- _Data in this exercise_:
────────────────────

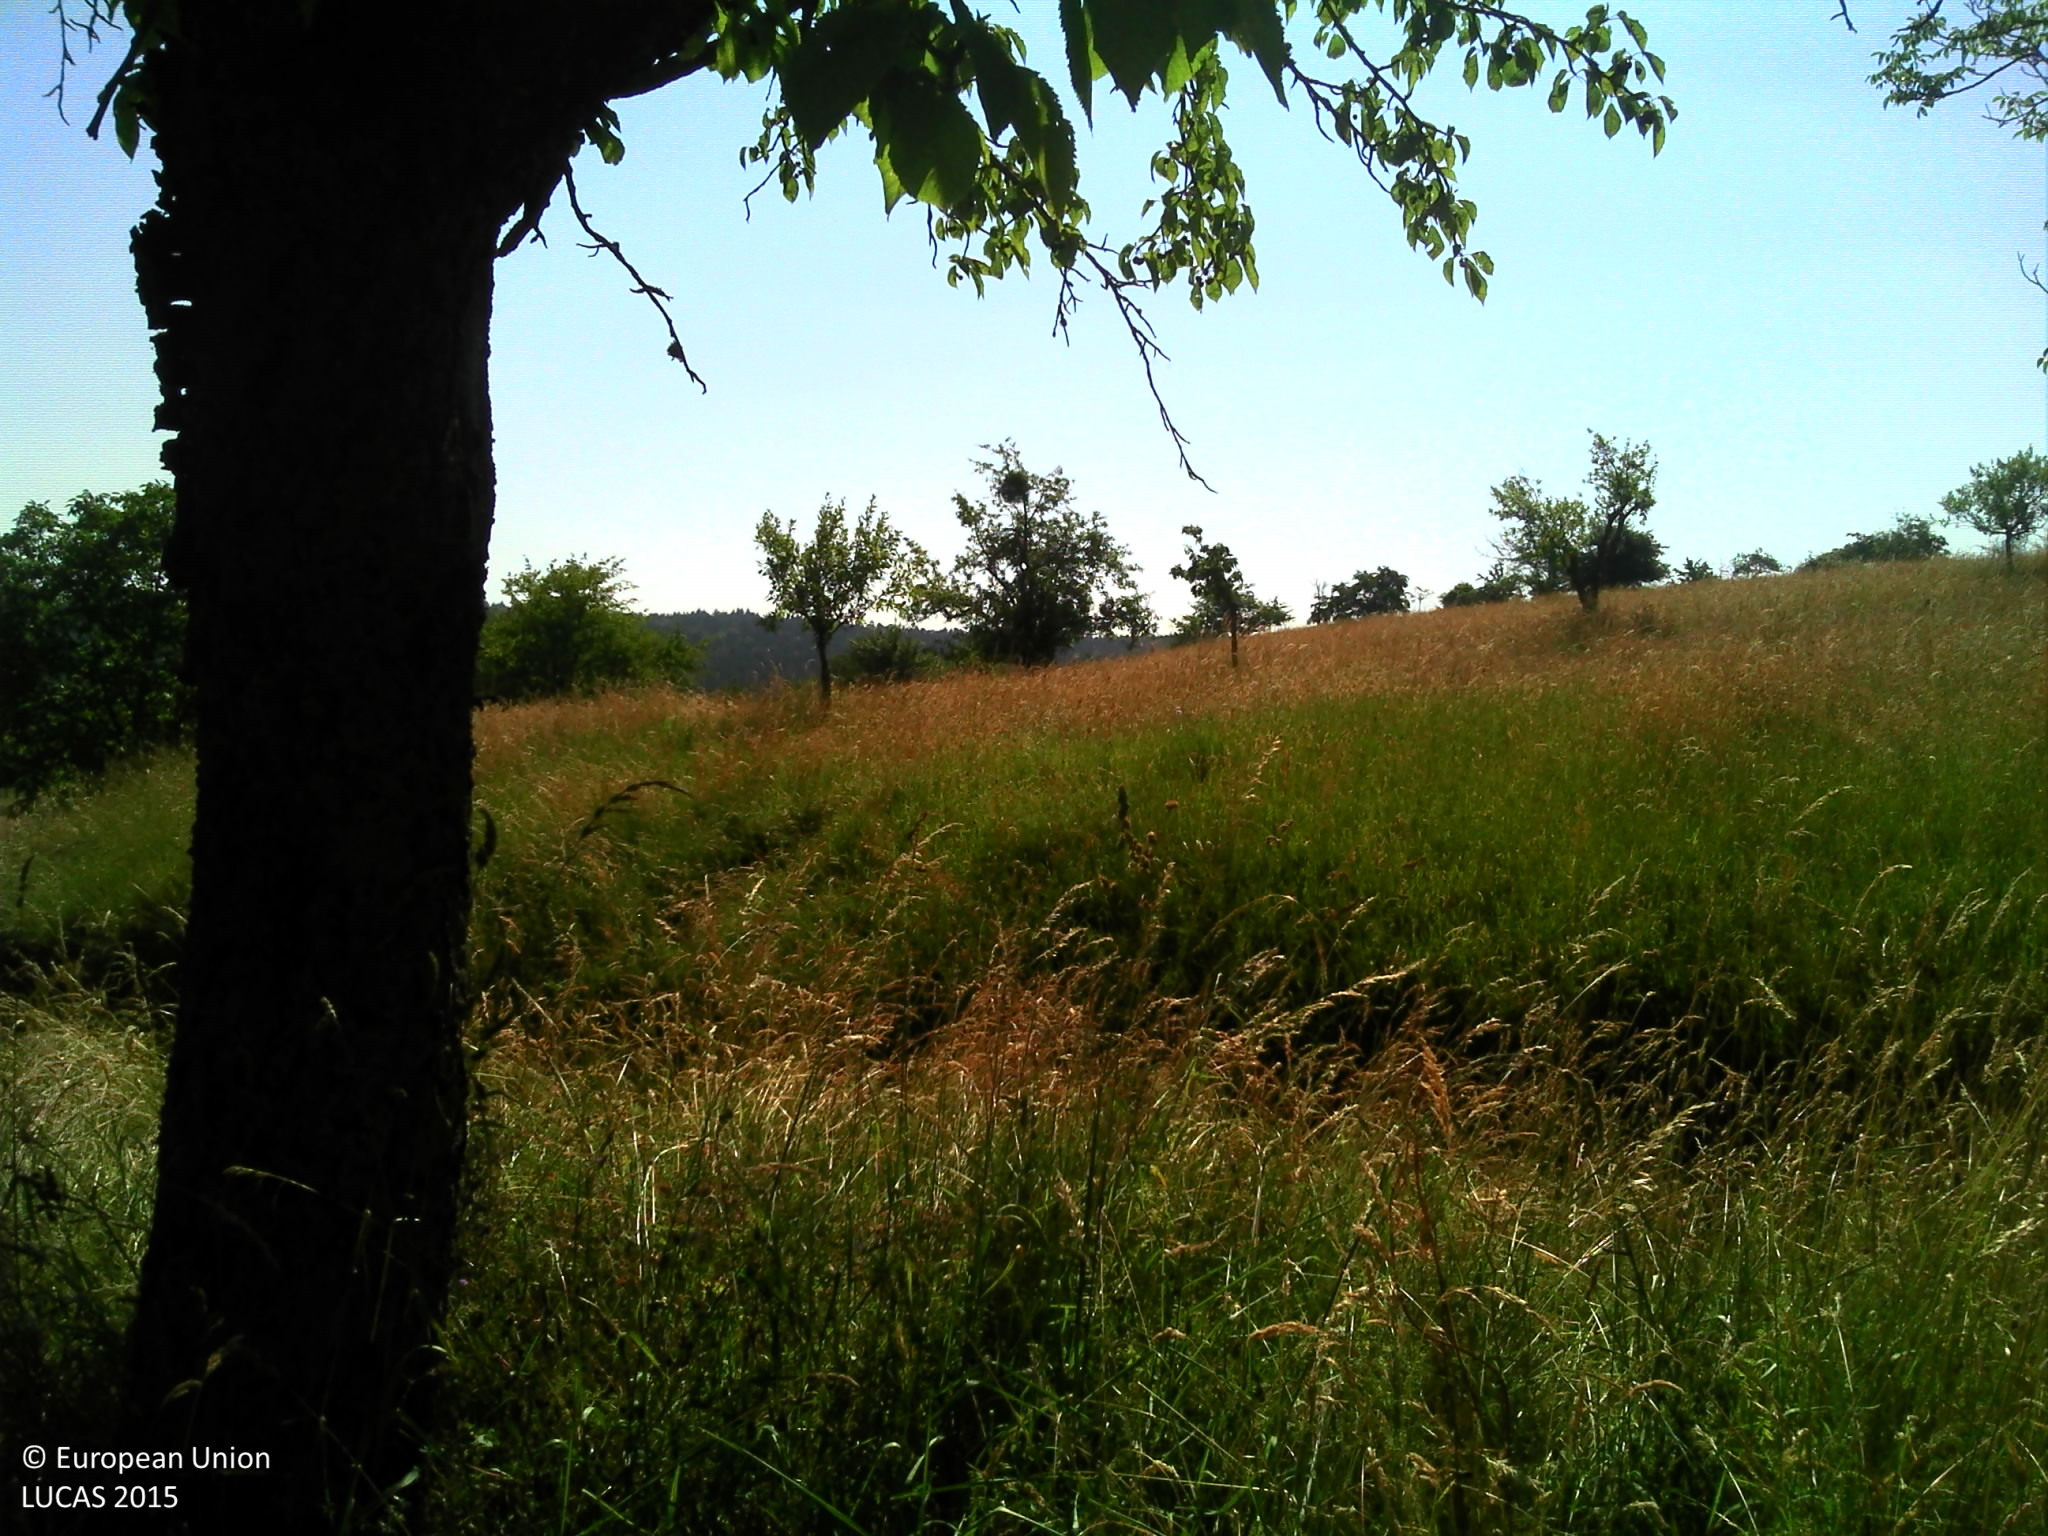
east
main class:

────────────────────

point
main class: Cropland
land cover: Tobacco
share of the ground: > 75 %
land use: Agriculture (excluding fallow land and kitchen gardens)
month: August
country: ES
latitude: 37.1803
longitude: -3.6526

────────────────────

- _Task goal_:
All that is wanted is the stretch of lines above from the one containing "land cover: Tobacco" through the one containing "longitude: -3.6526", duplicated exactly.

- _Completed task_:
land cover: Tobacco
share of the ground: > 75 %
land use: Agriculture (excluding fallow land and kitchen gardens)
month: August
country: ES
latitude: 37.1803
longitude: -3.6526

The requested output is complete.